======== TASK INPUTS

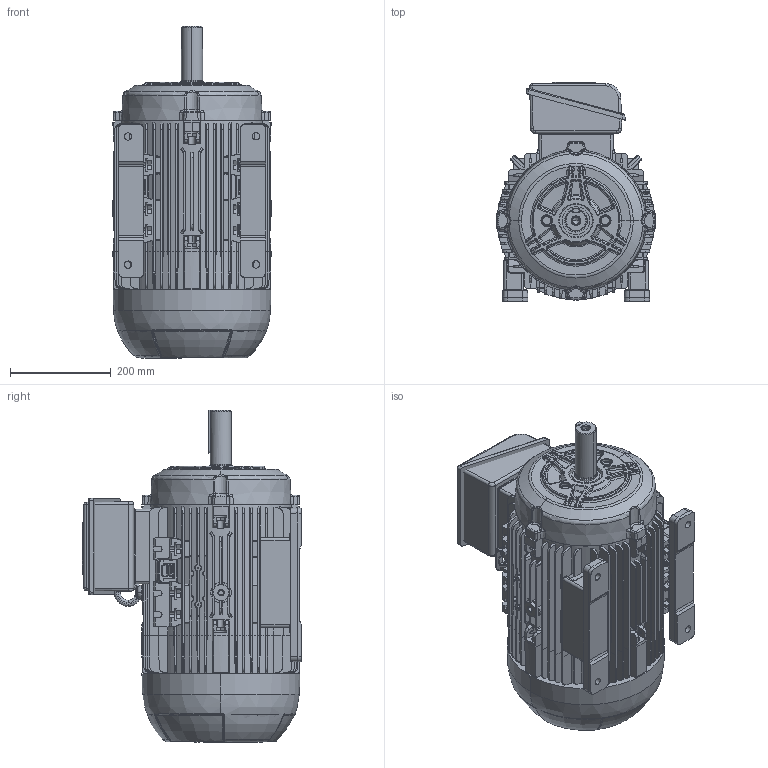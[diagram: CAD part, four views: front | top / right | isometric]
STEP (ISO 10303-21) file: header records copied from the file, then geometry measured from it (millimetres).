
FILE_DESCRIPTION (( 'STEP AP203' ), '1' );
FILE_NAME ('160L_CP_ST_TOP.STEP', '2022-07-23T10:47:29', ( '' ), ( '' ), 'SwSTEP 2.0', 'SolidWorks 2020', '' );
FILE_SCHEMA (( 'CONFIG_CONTROL_DESIGN' ));
Length unit declared in the file: millimetre
Products named in the file (12): 105033082_�40; 160L_CP_ST_TOP; 105035281_casca_50.5307.142; 105030278_casca; 105006204-205_casca_50.5307.125 (L); 105012100; 105006203_casca_Usinado; 105006202_casca_USINADO; 105035270_casca_50.5307.114; 105035280_casca_50.5307.143; Eixo IEC160 2P_casca_50.5342.002; 105032 DIN6885 AB - ABNT C_10.5032.049
Assembly tree (11 placements, depth 2):
  160L_CP_ST_TOP
    Eixo IEC160 2P_casca_50.5342.002
    105035280_casca_50.5307.143
    105035281_casca_50.5307.142
    105033082_�40
    105030278_casca
    105012100
    105032 DIN6885 AB - ABNT C_10.5032.049
    105035270_casca_50.5307.114
    105006204-205_casca_50.5307.125 (L)
    105006203_casca_Usinado
    105006202_casca_USINADO
Bounding box: 313.95 x 434.35 x 658 mm (x, y, z)
Volume: 41069031.1 mm3; surface area: 1836020.9 mm2
Topology: 11 solids, 14 shells, 3666 faces, 9589 edges, 6029 vertices
Faces by surface type: plane 1506, cylinder 1025, bspline 574, cone 315, torus 192, sphere 54
Entity records: 134890 total; most frequent: CARTESIAN_POINT 51588, ORIENTED_EDGE 19158, DIRECTION 14813, EDGE_CURVE 9579, VERTEX_POINT 6029, AXIS2_PLACEMENT_3D 5056, VECTOR 4701, LINE 4701

================

Please write out, exactly as they appear above, only the lines in the stretch from the line with "STEP (ISO 10303-21)" through the line with "Volume: 41069031.1 mm3;".

### [RESPONSE AREA]
STEP (ISO 10303-21) file: header records copied from the file, then geometry measured from it (millimetres).
FILE_DESCRIPTION (( 'STEP AP203' ), '1' );
FILE_NAME ('160L_CP_ST_TOP.STEP', '2022-07-23T10:47:29', ( '' ), ( '' ), 'SwSTEP 2.0', 'SolidWorks 2020', '' );
FILE_SCHEMA (( 'CONFIG_CONTROL_DESIGN' ));
Length unit declared in the file: millimetre
Products named in the file (12): 105033082_�40; 160L_CP_ST_TOP; 105035281_casca_50.5307.142; 105030278_casca; 105006204-205_casca_50.5307.125 (L); 105012100; 105006203_casca_Usinado; 105006202_casca_USINADO; 105035270_casca_50.5307.114; 105035280_casca_50.5307.143; Eixo IEC160 2P_casca_50.5342.002; 105032 DIN6885 AB - ABNT C_10.5032.049
Assembly tree (11 placements, depth 2):
  160L_CP_ST_TOP
    Eixo IEC160 2P_casca_50.5342.002
    105035280_casca_50.5307.143
    105035281_casca_50.5307.142
    105033082_�40
    105030278_casca
    105012100
    105032 DIN6885 AB - ABNT C_10.5032.049
    105035270_casca_50.5307.114
    105006204-205_casca_50.5307.125 (L)
    105006203_casca_Usinado
    105006202_casca_USINADO
Bounding box: 313.95 x 434.35 x 658 mm (x, y, z)
Volume: 41069031.1 mm3; surface area: 1836020.9 mm2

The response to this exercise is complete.